Corticosteroids, including those administered intranasally, may cause a reduction in growth velocity in pediatric patients but have no impact on final adult height.16 The growth of pediatric patients receiving corticosteroids should be monitored routinely. In addition, in order to prevent decreases in bone density, children older than 11 years of age should receive calcium, 1500 mg/day, and vitamin D, 800 IU/day, throughout the course of treatment with corticosteroids.17


Repeated intrasynovial or intraarticular injection will not result in any systemic effects but will cause damage to the joint. Intraarticular injections in major weight-bearing joints are not recommended because of the potential softening of joint cartilage.17 Even after a single injection, if the joint is not allowed proper time to heal, damage may occur. Consideration of the potential risks to the joint must be considered and discussed with the patient before intraarticular injection.


Intranasal corticosteroids are generally very well tolerated. The most common side effects are nasal irritation, pharyngeal irritation, and dryness. Similarly, the most common side effects of inhaled corticosteroids are hoarseness, dry mouth, sore throat, and oropharyngeal fungal infections, such as Candida albicans or Aspergillus niger.2 After using an inhaled corticosteroid, the mouth should always be rinsed to prevent oral fungal infections.



Additional Respiratory Pharmacological Options


Bronchodilators


Bronchodilators are β-adrenergic agonists (Table 5-4). These agents stimulate the β-adrenergic receptors in the bronchi and bronchioles to cause a widening of these airways and allow for improved airflow. In the athlete, exercise-induced bronchospasm (EIB) is the most common cause of airway constriction requiring treatment with bronchodilators.



β-Agonists are divided into short-acting and long-acting agents. Short-acting β-agonists are used for acute treatment of bronchospasm. The onset of action for short-acting β-agonists is 1 to 5 minutes, with the duration of action lasting from 2 to 6 hours. The long-acting β-agonists have an onset of action of approximately 30 minutes, with the duration of action extending to 12 hours. Long-acting β-agonists should not be used to treat acute symptoms of bronchoconstriction because of the relatively long onset of action when compared with short-acting β-agonists.

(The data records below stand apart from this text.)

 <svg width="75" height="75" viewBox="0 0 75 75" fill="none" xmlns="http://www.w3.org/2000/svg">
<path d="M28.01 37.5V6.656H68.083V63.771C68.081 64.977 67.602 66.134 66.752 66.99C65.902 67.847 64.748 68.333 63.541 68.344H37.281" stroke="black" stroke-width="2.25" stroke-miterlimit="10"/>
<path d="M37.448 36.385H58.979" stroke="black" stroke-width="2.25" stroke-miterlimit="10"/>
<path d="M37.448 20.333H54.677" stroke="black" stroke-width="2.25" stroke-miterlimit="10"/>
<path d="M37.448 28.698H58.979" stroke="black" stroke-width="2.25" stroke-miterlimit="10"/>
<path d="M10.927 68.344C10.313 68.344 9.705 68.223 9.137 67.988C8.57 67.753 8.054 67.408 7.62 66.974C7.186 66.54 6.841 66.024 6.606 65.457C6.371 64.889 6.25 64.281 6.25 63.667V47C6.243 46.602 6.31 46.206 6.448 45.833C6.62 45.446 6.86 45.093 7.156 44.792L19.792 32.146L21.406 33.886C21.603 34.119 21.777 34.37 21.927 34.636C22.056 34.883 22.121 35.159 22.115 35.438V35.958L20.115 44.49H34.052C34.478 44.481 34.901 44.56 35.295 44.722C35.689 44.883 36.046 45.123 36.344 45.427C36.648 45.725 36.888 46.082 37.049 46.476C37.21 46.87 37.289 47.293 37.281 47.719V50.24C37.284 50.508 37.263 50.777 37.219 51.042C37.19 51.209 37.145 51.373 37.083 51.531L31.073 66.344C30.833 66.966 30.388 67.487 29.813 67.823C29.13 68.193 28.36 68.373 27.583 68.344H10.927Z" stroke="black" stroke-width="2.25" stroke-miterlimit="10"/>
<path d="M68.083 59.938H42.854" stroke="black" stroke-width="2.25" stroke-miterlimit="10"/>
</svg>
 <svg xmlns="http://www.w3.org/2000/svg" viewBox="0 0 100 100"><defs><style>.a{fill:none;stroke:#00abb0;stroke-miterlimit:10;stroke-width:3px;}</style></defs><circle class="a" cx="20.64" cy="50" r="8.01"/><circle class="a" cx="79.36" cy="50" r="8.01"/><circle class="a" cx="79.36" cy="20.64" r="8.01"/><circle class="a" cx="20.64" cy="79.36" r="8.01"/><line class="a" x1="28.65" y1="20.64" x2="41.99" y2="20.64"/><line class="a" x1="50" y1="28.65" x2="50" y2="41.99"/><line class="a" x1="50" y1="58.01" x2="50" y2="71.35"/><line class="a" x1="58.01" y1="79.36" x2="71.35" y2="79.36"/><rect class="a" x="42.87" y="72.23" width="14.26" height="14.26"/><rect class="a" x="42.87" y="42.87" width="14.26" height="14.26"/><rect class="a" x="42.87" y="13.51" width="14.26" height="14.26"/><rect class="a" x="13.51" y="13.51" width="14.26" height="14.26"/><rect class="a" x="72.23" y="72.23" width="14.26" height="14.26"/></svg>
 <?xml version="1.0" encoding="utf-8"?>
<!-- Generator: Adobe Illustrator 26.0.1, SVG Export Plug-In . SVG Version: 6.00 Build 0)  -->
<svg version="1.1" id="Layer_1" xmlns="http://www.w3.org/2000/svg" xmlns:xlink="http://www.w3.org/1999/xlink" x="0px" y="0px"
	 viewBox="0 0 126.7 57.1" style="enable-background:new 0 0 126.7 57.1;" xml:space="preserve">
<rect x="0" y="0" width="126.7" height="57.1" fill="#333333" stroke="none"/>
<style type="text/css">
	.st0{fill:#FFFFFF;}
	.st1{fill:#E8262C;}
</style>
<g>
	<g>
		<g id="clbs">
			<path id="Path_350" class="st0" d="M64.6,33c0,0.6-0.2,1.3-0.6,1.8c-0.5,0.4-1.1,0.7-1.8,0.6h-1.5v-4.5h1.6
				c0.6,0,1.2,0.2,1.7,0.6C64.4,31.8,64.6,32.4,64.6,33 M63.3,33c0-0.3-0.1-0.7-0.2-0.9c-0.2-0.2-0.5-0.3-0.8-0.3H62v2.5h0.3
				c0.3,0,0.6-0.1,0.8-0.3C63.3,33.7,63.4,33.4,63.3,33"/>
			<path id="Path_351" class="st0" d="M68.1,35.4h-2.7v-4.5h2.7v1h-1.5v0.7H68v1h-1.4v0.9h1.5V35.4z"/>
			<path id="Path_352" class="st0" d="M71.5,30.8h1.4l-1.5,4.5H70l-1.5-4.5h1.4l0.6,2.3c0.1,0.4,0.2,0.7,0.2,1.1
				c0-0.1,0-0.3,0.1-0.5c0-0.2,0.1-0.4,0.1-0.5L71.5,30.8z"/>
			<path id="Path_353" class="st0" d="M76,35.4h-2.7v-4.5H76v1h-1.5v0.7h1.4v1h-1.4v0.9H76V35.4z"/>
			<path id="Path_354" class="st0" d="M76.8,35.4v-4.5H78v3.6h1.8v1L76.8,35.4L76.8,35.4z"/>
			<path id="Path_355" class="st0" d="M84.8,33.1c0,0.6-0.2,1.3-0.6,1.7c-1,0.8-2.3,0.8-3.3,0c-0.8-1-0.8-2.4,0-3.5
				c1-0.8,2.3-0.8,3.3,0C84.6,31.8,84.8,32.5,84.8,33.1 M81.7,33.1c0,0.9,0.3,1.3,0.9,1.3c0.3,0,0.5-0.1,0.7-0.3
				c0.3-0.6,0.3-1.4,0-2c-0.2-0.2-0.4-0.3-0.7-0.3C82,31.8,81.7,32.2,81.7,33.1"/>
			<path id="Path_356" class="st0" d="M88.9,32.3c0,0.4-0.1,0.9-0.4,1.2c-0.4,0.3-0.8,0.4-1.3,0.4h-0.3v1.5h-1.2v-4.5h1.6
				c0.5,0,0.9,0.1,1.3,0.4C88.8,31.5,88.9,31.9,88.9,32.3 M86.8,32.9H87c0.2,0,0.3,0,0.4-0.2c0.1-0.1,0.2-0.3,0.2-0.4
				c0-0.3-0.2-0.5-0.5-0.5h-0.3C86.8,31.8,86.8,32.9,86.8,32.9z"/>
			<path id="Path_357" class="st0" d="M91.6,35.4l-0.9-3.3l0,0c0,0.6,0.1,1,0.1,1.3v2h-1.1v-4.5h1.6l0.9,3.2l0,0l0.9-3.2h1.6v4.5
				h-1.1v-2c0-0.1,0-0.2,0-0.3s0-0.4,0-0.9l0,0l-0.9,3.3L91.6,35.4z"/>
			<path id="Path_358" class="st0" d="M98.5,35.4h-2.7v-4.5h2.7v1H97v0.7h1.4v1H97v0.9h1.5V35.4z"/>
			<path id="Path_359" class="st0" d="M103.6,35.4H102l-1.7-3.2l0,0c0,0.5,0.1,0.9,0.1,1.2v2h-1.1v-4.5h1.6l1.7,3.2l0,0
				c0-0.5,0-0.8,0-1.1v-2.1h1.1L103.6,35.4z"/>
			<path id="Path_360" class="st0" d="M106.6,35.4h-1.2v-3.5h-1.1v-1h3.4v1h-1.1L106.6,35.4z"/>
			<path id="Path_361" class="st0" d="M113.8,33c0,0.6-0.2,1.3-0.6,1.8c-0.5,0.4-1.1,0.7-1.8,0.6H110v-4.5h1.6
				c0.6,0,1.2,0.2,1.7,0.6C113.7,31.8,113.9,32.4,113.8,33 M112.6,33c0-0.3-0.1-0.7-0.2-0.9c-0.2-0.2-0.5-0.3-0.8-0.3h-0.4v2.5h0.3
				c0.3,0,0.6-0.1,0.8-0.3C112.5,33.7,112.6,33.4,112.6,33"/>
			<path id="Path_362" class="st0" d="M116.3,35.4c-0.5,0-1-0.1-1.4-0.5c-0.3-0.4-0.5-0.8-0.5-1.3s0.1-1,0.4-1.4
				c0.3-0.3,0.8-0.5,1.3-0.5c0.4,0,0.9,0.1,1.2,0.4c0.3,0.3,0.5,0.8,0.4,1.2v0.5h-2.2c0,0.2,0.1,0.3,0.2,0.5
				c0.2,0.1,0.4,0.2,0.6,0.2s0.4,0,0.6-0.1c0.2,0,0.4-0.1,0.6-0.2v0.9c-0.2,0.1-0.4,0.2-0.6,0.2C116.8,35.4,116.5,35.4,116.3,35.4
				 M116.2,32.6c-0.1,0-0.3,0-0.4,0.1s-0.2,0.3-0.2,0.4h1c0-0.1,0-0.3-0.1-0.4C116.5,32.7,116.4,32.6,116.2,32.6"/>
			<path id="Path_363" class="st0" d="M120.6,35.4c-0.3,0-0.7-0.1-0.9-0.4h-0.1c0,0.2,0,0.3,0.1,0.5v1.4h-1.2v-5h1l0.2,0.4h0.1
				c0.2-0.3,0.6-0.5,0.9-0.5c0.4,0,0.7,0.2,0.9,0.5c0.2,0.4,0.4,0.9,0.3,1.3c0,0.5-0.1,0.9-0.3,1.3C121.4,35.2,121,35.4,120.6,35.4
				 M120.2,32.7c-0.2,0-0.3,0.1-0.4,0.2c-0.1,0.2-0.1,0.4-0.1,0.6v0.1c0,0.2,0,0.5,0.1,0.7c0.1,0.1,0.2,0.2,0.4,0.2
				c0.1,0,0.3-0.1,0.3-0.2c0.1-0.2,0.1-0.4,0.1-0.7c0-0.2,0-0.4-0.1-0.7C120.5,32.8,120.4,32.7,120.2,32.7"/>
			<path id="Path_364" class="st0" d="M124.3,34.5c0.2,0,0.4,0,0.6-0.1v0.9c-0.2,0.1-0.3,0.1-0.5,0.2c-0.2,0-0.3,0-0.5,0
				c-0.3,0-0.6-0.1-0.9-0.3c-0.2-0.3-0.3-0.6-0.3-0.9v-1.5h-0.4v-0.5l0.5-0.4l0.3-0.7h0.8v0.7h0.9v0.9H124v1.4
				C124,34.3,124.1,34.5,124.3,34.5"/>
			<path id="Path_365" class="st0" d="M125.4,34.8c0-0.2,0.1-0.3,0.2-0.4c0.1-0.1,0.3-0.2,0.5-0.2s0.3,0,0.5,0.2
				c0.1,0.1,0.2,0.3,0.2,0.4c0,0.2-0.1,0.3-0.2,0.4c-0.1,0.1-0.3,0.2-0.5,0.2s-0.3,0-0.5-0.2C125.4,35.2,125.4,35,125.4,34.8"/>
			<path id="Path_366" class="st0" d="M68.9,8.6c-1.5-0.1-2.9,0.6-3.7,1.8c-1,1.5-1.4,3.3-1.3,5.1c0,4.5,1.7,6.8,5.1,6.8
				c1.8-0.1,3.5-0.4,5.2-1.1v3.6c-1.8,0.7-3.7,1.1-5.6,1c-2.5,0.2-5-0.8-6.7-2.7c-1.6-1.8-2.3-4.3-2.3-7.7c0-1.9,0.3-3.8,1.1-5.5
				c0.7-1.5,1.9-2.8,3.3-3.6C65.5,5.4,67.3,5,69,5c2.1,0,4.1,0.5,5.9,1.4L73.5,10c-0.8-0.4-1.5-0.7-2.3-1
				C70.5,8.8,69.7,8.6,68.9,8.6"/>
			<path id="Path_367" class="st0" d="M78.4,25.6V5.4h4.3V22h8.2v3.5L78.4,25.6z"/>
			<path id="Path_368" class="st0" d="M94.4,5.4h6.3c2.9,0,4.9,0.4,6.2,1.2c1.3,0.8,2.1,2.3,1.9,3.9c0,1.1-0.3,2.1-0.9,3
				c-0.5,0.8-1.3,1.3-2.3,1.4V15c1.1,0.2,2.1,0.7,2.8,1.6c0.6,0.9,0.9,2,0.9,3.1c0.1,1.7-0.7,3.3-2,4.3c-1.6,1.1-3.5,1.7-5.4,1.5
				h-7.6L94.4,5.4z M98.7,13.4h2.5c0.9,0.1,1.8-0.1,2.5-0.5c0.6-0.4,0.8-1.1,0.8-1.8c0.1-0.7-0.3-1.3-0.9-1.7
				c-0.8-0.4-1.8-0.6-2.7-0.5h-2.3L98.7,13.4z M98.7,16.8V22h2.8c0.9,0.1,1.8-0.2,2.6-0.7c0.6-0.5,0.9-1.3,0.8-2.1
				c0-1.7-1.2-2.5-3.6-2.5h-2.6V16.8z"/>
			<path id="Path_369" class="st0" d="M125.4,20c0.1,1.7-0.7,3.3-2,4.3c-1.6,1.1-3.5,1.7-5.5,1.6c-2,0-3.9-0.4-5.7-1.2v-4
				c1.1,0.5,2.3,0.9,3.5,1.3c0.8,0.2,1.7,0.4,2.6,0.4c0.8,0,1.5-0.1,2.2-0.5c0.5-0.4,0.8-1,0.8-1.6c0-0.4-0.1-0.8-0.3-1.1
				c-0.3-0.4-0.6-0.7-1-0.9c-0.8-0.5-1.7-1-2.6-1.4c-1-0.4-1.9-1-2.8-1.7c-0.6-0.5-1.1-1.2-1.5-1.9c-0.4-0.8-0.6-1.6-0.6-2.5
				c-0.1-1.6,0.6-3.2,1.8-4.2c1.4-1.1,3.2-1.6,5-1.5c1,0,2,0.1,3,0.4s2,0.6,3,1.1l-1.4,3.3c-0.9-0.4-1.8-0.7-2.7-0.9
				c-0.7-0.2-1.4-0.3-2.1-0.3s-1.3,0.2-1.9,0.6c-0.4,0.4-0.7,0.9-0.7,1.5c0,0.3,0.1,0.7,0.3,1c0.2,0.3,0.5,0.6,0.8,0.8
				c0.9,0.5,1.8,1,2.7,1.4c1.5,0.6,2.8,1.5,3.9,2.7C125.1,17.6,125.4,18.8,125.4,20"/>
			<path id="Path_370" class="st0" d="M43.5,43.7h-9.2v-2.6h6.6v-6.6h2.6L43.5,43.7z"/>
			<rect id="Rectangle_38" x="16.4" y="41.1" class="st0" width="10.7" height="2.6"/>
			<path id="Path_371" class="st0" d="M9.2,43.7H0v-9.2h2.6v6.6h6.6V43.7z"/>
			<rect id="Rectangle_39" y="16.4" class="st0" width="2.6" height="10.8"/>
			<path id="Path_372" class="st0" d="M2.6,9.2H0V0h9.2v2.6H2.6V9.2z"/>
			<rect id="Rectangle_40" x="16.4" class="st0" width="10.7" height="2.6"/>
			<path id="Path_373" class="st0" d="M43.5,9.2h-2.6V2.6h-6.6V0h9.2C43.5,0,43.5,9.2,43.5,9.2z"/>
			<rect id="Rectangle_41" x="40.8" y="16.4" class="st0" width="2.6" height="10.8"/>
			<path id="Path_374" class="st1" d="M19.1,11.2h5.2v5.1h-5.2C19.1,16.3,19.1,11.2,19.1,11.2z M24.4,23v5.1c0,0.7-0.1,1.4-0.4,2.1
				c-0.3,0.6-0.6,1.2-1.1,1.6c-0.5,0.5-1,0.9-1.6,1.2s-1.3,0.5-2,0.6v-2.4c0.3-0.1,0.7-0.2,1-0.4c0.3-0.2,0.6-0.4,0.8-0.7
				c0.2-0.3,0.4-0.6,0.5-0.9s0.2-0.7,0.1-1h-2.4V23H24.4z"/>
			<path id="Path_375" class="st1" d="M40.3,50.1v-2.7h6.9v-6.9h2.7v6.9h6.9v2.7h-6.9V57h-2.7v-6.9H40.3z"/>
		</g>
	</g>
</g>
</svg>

Consensus guidelines for the management of EIB recommend short-acting β-agonists as a first-line agent. Albuterol is the most widely used and accepted β-agonist, and is available as a metered-dose inhaler (MDI), which offers the most convenient dosing, but proper technique must be used for the drug to be maximally effective.


Proper technique for using an inhaler is discussed in Box 5-1. A spacer that holds the puff of medicine between the inhaler device and the athlete can be used to increase the ease of use. When a spacer is used, the actuation of the inhaler does not have to be timed to the inhalation of the drug; the inhaler delivers the drug into the spacer (Figure 5-5). The athlete then inhales the drug slowly and often more completely through the spacer as a separate step.




Nebulizers are machines that use air pressure to aerosolize a drug and then deliver the quickest onset and maximized amount of drug. They are expensive and bulky to transport, but the drug can be delivered simply by placing a mask over the mouth and nose (Figure 5-6).




Side Effects

The main adverse effects of bronchodilators are tremor, nervousness, dizziness, headache, nausea, and tachycardia. A paradoxical bronchospasm also has been reported in 8% of individuals using bronchodilators.18,19 It is usually associated with the first use of a new MDI canister and may be related to exposure to the propellant. To avoid this reaction, a new MDI can be actuated into the air a few times before its first use. Nebulized albuterol caused coughing in 4% of individuals in various clinical trials. Side effects that occurred in less than 3% of individuals but that may be significant in the athlete include muscle cramping, muscle spasm, and dilated pupils.18


Levalbuterol (Xopenex) is the R-enantiomer of albuterol. It is available only as a solution for nebulization. Levalbuterol is considerably more expensive than albuterol, but it is associated with a lower rate of adverse effects. For treating exercise-induced asthma in the athlete, albuterol, the less expensive alternative, is the medication of choice.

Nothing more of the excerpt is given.